* [What the exercise asks]: Somewhere below, one line contains "Bern, Mittwoch d. 23. April 1862." and a later line contains "No 28. vom 19.". Output those two lines and everything between them exactly, and nothing else.
------------------------------------------------------------
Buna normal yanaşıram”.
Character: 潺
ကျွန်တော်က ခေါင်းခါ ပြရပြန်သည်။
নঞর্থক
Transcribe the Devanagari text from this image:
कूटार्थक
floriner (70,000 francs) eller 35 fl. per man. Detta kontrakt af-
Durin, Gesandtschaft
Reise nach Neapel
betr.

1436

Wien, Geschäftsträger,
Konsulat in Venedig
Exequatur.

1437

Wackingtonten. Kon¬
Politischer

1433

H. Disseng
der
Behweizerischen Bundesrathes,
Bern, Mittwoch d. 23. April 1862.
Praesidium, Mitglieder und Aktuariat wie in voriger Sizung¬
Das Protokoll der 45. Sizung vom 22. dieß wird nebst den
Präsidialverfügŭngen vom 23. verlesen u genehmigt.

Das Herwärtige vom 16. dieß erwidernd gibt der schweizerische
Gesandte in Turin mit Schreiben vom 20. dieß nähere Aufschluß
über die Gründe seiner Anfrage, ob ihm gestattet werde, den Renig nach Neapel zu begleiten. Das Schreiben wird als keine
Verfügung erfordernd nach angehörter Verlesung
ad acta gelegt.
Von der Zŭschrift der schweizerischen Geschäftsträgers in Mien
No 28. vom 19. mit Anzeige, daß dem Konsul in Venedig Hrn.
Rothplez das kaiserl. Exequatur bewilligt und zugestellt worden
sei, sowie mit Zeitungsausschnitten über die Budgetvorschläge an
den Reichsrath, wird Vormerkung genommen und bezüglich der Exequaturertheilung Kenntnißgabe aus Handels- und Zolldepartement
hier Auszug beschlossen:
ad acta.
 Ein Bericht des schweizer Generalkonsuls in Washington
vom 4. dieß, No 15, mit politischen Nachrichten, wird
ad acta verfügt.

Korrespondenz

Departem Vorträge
------------------------------------------------------------
* [Final answer]:
Bern, Mittwoch d. 23. April 1862.
Praesidium, Mitglieder und Aktuariat wie in voriger Sizung¬
Das Protokoll der 45. Sizung vom 22. dieß wird nebst den
Präsidialverfügŭngen vom 23. verlesen u genehmigt.

Das Herwärtige vom 16. dieß erwidernd gibt der schweizerische
Gesandte in Turin mit Schreiben vom 20. dieß nähere Aufschluß
über die Gründe seiner Anfrage, ob ihm gestattet werde, den Renig nach Neapel zu begleiten. Das Schreiben wird als keine
Verfügung erfordernd nach angehörter Verlesung
ad acta gelegt.
Von der Zŭschrift der schweizerischen Geschäftsträgers in Mien
No 28. vom 19. mit Anzeige, daß dem Konsul in Venedig Hrn.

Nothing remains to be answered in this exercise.